**Data:**
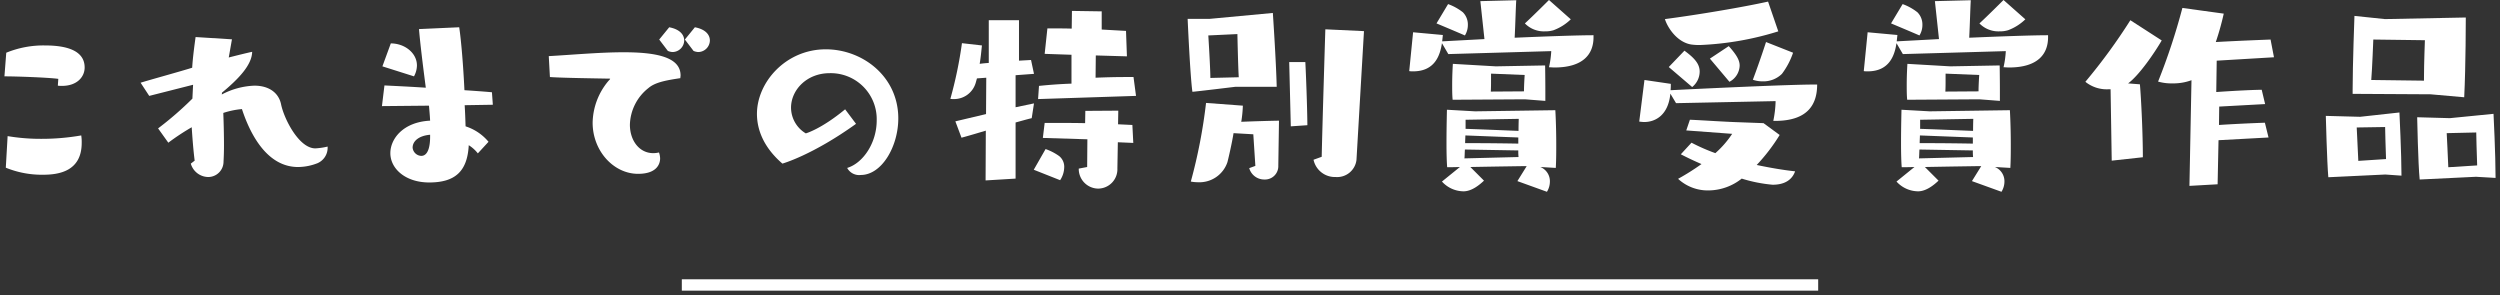 <svg xmlns="http://www.w3.org/2000/svg" width="440" height="52" viewBox="0 0 440 52">
  <rect x="0" y="0" width="440" height="52" fill="#333333" stroke="none"/>
  <defs>
    <style>
      .cls-1 {
        fill: #fff;
      }
    </style>
  </defs>
  <g id="menu">
    <g>
      <rect class="cls-1" x="120" y="49.154" width="200" height="2"/>
      <g>
        <path class="cls-1" d="M10.26,13.878C8.46,13.638,2.941,13.438.781,13.438l.32-4.159A17.222,17.222,0,0,1,7.94,7.999c3.919,0,6.958.959,6.958,3.879,0,1.64-1.32,3.239-3.999,3.239a4.346,4.346,0,0,1-.72-.04ZM1.341,23.956a34.851,34.851,0,0,0,5.919.479,40.512,40.512,0,0,0,7.039-.6,7.752,7.752,0,0,1,.08,1.319c0,5-4.04,5.6-6.799,5.6a16.776,16.776,0,0,1-6.559-1.24Z"/>
        <path class="cls-1" d="M34.262,28.275c-.2-1.52-.4-3.92-.52-5.879a41.083,41.083,0,0,0-4.119,2.719L27.823,22.596a59.001,59.001,0,0,0,6.039-5.238l.12-2.44-7.718,1.96-1.52-2.319c1.24-.4,7.199-2.04,9.079-2.64.12-1.92.4-3.919.6-5.399l6.399.4L40.261,10.118c1.72-.439,3.359-.84,4.119-1-.04,2.359-2.479,4.84-5.319,7.199a.773.773,0,0,1-.04.319A13.268,13.268,0,0,1,44.78,15.077c2.68,0,4.279,1.36,4.679,3.239.52,2.6,3.16,7.799,6.039,7.799A11.826,11.826,0,0,0,57.658,25.796a2.964,2.964,0,0,1-1.76,2.919,9.516,9.516,0,0,1-3.439.68c-5.359,0-8.358-5.559-9.878-10.198A14.519,14.519,0,0,0,39.301,19.877c.08,2.079.12,4.079.12,5.719,0,1.16-.04,2.159-.08,2.84a2.7,2.7,0,0,1-2.68,2.719,3.238,3.238,0,0,1-3.08-2.359Z"/>
        <path class="cls-1" d="M84.1,26.995a6.215,6.215,0,0,0-1.6-1.439c-.24,4.64-2.439,6.559-6.959,6.559-4.199,0-6.839-2.439-6.839-5.159,0-2.52,2.24-5.479,6.999-5.719-.04-.84-.12-1.68-.2-2.64l-8.278.08.44-3.64c1.52.08,4.239.2,7.279.4-.48-3.64-1-7.879-1.2-10.318l7.079-.32c.36,2.399.72,6.839.92,11.078,1.839.12,3.52.24,4.839.36l.16,2.199-4.959.08c.08,1.24.12,2.439.16,3.72a8.698,8.698,0,0,1,4.04,2.72ZM67.303,11.678l1.479-4.039c2.439,0,4.599,1.68,4.599,3.879a4.081,4.081,0,0,1-.52,1.92Zm8.398,12.038c-1.92.16-3.08,1.08-3.08,2.279a1.593,1.593,0,0,0,1.52,1.44c1.359,0,1.56-2.12,1.56-3.319Z"/>
        <path class="cls-1" d="M96.583,9.878c4.239-.239,9.039-.68,13.158-.68,5.639,0,10.039.8,10.039,4.079,0,.16-.04.32-.04.48-2.68.399-4.479.76-5.639,1.76a8.484,8.484,0,0,0-3.239,6.438c0,2.76,1.64,4.999,4.119,4.999a4.533,4.533,0,0,0,1-.12,3.42,3.42,0,0,1,.2,1.04c0,.84-.44,2.72-3.879,2.72-4.319,0-7.999-4.039-7.999-8.998a11.725,11.725,0,0,1,2.72-7.279c.2-.24.36-.359.36-.439,0-.04-.08-.04-.4-.04-1.76-.04-8.119-.12-10.198-.28Zm19.437-2.919,1.76-2.16c1.919.36,2.639,1.36,2.639,2.32a2.074,2.074,0,0,1-2.04,2.039,2.323,2.323,0,0,1-.84-.2Zm4.519,0,1.76-2.16c1.919.36,2.64,1.36,2.64,2.32a2.074,2.074,0,0,1-2.04,2.039,2.325,2.325,0,0,1-.84-.2Z"/>
        <path class="cls-1" d="M150.661,21.796c-7.679,5.52-12.958,6.999-12.958,6.999-3.2-2.76-4.479-5.839-4.479-8.759,0-5.519,5.04-11.357,12.118-11.357,6.439,0,12.758,4.759,12.758,12.157,0,4.96-2.919,9.959-6.599,9.959a2.392,2.392,0,0,1-2.4-1.24c2.8-.84,5.199-4.399,5.199-8.358a8.091,8.091,0,0,0-8.279-8.318c-4.039,0-6.799,2.959-6.799,6.079a5.303,5.303,0,0,0,2.6,4.519s2.72-.76,6.919-4.239Z"/>
        <path class="cls-1" d="M173.463,31.755l.04-8.759c-1.36.4-2.799.84-4.279,1.24l-1.08-2.88,5.399-1.28.04-6.398-1.64.12-.2.72a3.961,3.961,0,0,1-3.879,2.919,3.095,3.095,0,0,1-.6-.039A72.93,72.93,0,0,0,169.304,7.599l3.52.4c-.08.6-.16,1.799-.4,3.239.52-.08,1.04-.12,1.6-.16V3.56H179.342v7.118l2.12-.119.52,2.439-3.239.239V18.877l3.239-.68-.4,2.6c-.84.199-1.8.479-2.839.76v9.878Zm8.479-1.88,2.08-3.64a9.401,9.401,0,0,1,2.4,1.24,2.42,2.42,0,0,1,.88,1.999,4.245,4.245,0,0,1-.72,2.24Zm.76-12.438.16-2.319c1.56-.16,3.479-.319,5.719-.399V9.639l-4.719-.16.48-4.479h1.12c.92,0,2.04,0,3.16.04l.04-3.119L193.9,2V5.199l4.279.24.16,4.479-5.479-.16-.04,3.92c1.879-.08,3.639-.12,5.199-.12h1.479l.44,3.319Zm14.038,7.6-.08,4.599A3.406,3.406,0,0,1,193.26,33.194a3.458,3.458,0,0,1-3.399-3.52l1.479-.28.04-4.879-7.838-.24.32-2.639h1.839c1.6,0,3.399,0,5.279.04l.04-2.16,5.799-.04-.04,2.399,2.52.12.16,3.159Z"/>
        <path class="cls-1" d="M217.423,15.277s-6.919.84-7.559.88c-.4-2.8-.84-12.838-.84-12.838h3.879l11.118-1.04s.56,8.239.68,12.998Zm3.159,8.358-3.479-.2c-.28,1.76-.88,4.359-1.08,5.119a5.202,5.202,0,0,1-5.199,3.52,6.503,6.503,0,0,1-1.24-.12,92.455,92.455,0,0,0,2.68-13.837l6.479.479a22.008,22.008,0,0,1-.28,2.84c1.92-.08,4.52-.16,6.639-.2l-.12,7.919a2.346,2.346,0,0,1-2.439,2.439,2.744,2.744,0,0,1-2.68-2l1.08-.399Zm-2.56-10.038c-.12-1.8-.24-7.599-.24-7.599l-5.119.24s.36,5.719.36,7.479Zm9.159,8.639L226.901,10.918h2.839c.12,2.359.32,7.438.36,11.118Zm5.439,5.359C232.74,21.876,233.26,5.159,233.26,5.159l6.799.319L238.739,28.155a3.424,3.424,0,0,1-3.679,2.999,3.843,3.843,0,0,1-3.879-3.039Z"/>
        <path class="cls-1" d="M280.459,6.559c0,2.92-1.76,5.319-6.879,5.319-.32,0-.64-.04-.96-.04a16.11,16.11,0,0,0,.4-2.84l-18.117.52L253.783,7.599c-.32,2.08-1.2,4.959-5.079,4.959a3.873,3.873,0,0,1-.68-.04l.68-6.839,5.239.48L253.823,7.278l7.439-.399L260.542.2,266.861.04c-.08,1.12-.16,4.319-.28,6.599,5.599-.24,11.198-.439,13.878-.439ZM254.863.72a9.312,9.312,0,0,1,2.6,1.439,3.048,3.048,0,0,1,.88,2.24,3.479,3.479,0,0,1-.52,1.84c-1.56-.681-4.999-2.12-4.999-2.12ZM267.061,31.875l1.64-2.64h-.32s-5.559.08-9.598.159l2.399,2.4c-.72.68-2.12,1.879-3.599,1.879a5.194,5.194,0,0,1-3.8-1.72l3.16-2.56c-1.24.04-2.12.04-2.24.04-.08-.88-.12-2.52-.12-4.239,0-2.839.08-5.879.08-5.879l4.959.28,14.118-.2s.16,2.6.16,6.039c0,1.28,0,2.68-.08,4.119l-2.719-.16A2.7,2.7,0,0,1,272.78,31.994a3.412,3.412,0,0,1-.52,1.76Zm1.32-14.398-12.718.08c-.08-.84-.08-1.76-.08-2.6,0-1.999.12-3.719.12-3.719l7.559.439,8.679-.16s.04,2.24.04,4.52v1.72Zm-10.558,8.839c-.04.64-.04,1.2-.08,1.56l9.519-.239a9.433,9.433,0,0,1-.04-1.16Zm9.398-2.119-9.318-.36c0,.439-.04.88-.04,1.359h1.64c2.52,0,5.519.04,7.719.08Zm-9.278-3.12v1.6c2.6.08,6.239.24,9.318.36,0-1.2.04-2.12.04-2.12Zm4.479-8.118v1.119c0,.641,0,1.4-.04,2.04l5.839-.04c0-1.16.12-2.88.12-2.88Zm14.038-9.559a8.746,8.746,0,0,1-3.04,1.92,4.987,4.987,0,0,1-1.52.199,4.659,4.659,0,0,1-3.52-1.399C269.821,2.8,272.62,0,272.62,0Z"/>
        <path class="cls-1" d="M319.819,14.877c0,3.24-1.399,6.399-7.398,6.399h-.32a19.356,19.356,0,0,0,.4-3.279v-.2l-17.517.36-1-1.68c-.36,3.799-2.64,4.999-4.599,4.999a6.526,6.526,0,0,1-.88-.08l.92-7.319,4.639.681a10.454,10.454,0,0,1-.04,1.119c6.399-.319,20.796-1,25.436-1Zm-6.839-9.358A53.266,53.266,0,0,1,299.302,7.919a9.686,9.686,0,0,1-1.6-.08c-2.439-.36-4.159-2.84-4.679-4.479,5.799-.76,13.638-2.08,18.157-3.079Zm-19.276,6.279L296.463,8.918c1.56,1.16,2.68,2.2,2.68,3.68a3.512,3.512,0,0,1-1.32,2.72Zm19.517,11.958a32.115,32.115,0,0,1-4.04,5.279c2.28.479,4.56.88,6.759,1.12-.56,1.56-1.919,2.359-3.959,2.359a25.952,25.952,0,0,1-5.439-1.08,9.477,9.477,0,0,1-5.799,2.08,7.681,7.681,0,0,1-5.399-2.04,41.123,41.123,0,0,0,4.119-2.6c-1.4-.6-2.64-1.2-3.639-1.72l1.879-2.04a33.837,33.837,0,0,0,4.199,1.84,16.987,16.987,0,0,0,2.959-3.399l-8.079-.6.64-1.88c2.08.08,5.999.36,8.639.44l4.319.16Zm-12.278-13.438,3.319-2.2c1.48,1.64,1.919,2.56,1.919,3.439a3.346,3.346,0,0,1-1.799,2.84Zm14.637-1.04a13.182,13.182,0,0,1-1.959,3.72,4.635,4.635,0,0,1-3.399,1.319,5.139,5.139,0,0,1-1.72-.28c1.28-3.399,2.319-6.639,2.319-6.639Z"/>
        <path class="cls-1" d="M360.459,6.559c0,2.92-1.76,5.319-6.879,5.319-.32,0-.64-.04-.96-.04a16.11,16.11,0,0,0,.4-2.84l-18.117.52L333.783,7.599c-.32,2.08-1.2,4.959-5.079,4.959a3.873,3.873,0,0,1-.68-.04l.68-6.839,5.239.48L333.823,7.278l7.439-.399L340.542.2,346.861.04c-.08,1.12-.16,4.319-.28,6.599,5.599-.24,11.198-.439,13.878-.439ZM334.863.72a9.312,9.312,0,0,1,2.6,1.439,3.048,3.048,0,0,1,.88,2.24,3.479,3.479,0,0,1-.52,1.84c-1.56-.681-4.999-2.12-4.999-2.12ZM347.061,31.875l1.64-2.64h-.32s-5.559.08-9.598.159l2.399,2.4c-.72.68-2.12,1.879-3.599,1.879a5.194,5.194,0,0,1-3.8-1.72l3.16-2.56c-1.24.04-2.12.04-2.24.04-.08-.88-.12-2.52-.12-4.239,0-2.839.08-5.879.08-5.879l4.959.28,14.118-.2s.16,2.6.16,6.039c0,1.28,0,2.68-.08,4.119l-2.719-.16A2.7,2.7,0,0,1,352.78,31.994a3.412,3.412,0,0,1-.52,1.76Zm1.32-14.398-12.718.08c-.08-.84-.08-1.76-.08-2.6,0-1.999.12-3.719.12-3.719l7.559.439,8.679-.16s.04,2.24.04,4.52v1.72Zm-10.558,8.839c-.04.64-.04,1.2-.08,1.56l9.519-.239a9.433,9.433,0,0,1-.04-1.16Zm9.398-2.119-9.318-.36c0,.439-.04.88-.04,1.359h1.64c2.52,0,5.519.04,7.719.08Zm-9.278-3.12v1.6c2.6.08,6.239.24,9.318.36,0-1.2.04-2.12.04-2.12Zm4.479-8.118v1.119c0,.641,0,1.4-.04,2.04l5.839-.04c0-1.16.12-2.88.12-2.88Zm14.038-9.559a8.746,8.746,0,0,1-3.04,1.92,4.987,4.987,0,0,1-1.52.199,4.659,4.659,0,0,1-3.52-1.399C349.821,2.8,352.62,0,352.62,0Z"/>
        <path class="cls-1" d="M371.663,28.275l-.2-12.559h-.48a5.979,5.979,0,0,1-3.959-1.319,100.361,100.361,0,0,0,7.919-10.838l5.519,3.56c-1.28,2.199-3.959,6.118-5.919,7.559l2.08.16c.24,2.719.52,8.838.52,12.837Zm18.797-3.6-.16,7.759-4.959.28.36-18.598a9.251,9.251,0,0,1-3.359.561,8.525,8.525,0,0,1-2.52-.32,110.973,110.973,0,0,0,4.279-12.958l7.279,1a47.735,47.735,0,0,1-1.4,4.999c3.56-.2,7.599-.359,9.639-.439l.6,3.119-10.078.6-.08,5.52c2.28-.16,5.599-.36,7.999-.4l.6,2.52-8.079.44-.04,3.239c2.36-.16,5.759-.319,8.079-.399l.64,2.6Z"/>
        <path class="cls-1" d="M419.822,30.715s-9.398.439-10.038.479c-.24-2.759-.44-10.798-.44-10.798l6.039.16,6.918-.76s.36,7.358.36,11.118Zm7.959-14.118s-13.038-.079-13.718-.079v-.681c0-4.438.32-13.037.32-13.037l5.359.56,14.238-.28s0,8.479-.28,14.038Zm-7.839,11.398c-.08-1.68-.16-5.639-.16-5.639l-4.999.08s.24,4.679.28,5.879Zm6.679-14.438c0-2.279.16-6.479.16-6.479L417.702,6.959s-.2,5.239-.36,7.118l9.278.12Zm9.159,17.557s-9.318.44-9.918.48c-.28-2.76-.44-10.958-.44-10.958l5.759.16,7.679-.761s.36,7.159.36,11.278Zm.2-1.999c-.08-1.68-.16-5.799-.16-5.799l-5.199.119s.24,4.76.28,5.999Z"/>
      </g>
    </g>
  </g>
</svg>

**Exercise goal:**
Filter the listing above for the string "rect" and copy every matching line.

**Response to the exercise:**
  <rect x="0" y="0" width="440" height="52" fill="#333333" stroke="none"/>
      <rect class="cls-1" x="120" y="49.154" width="200" height="2"/>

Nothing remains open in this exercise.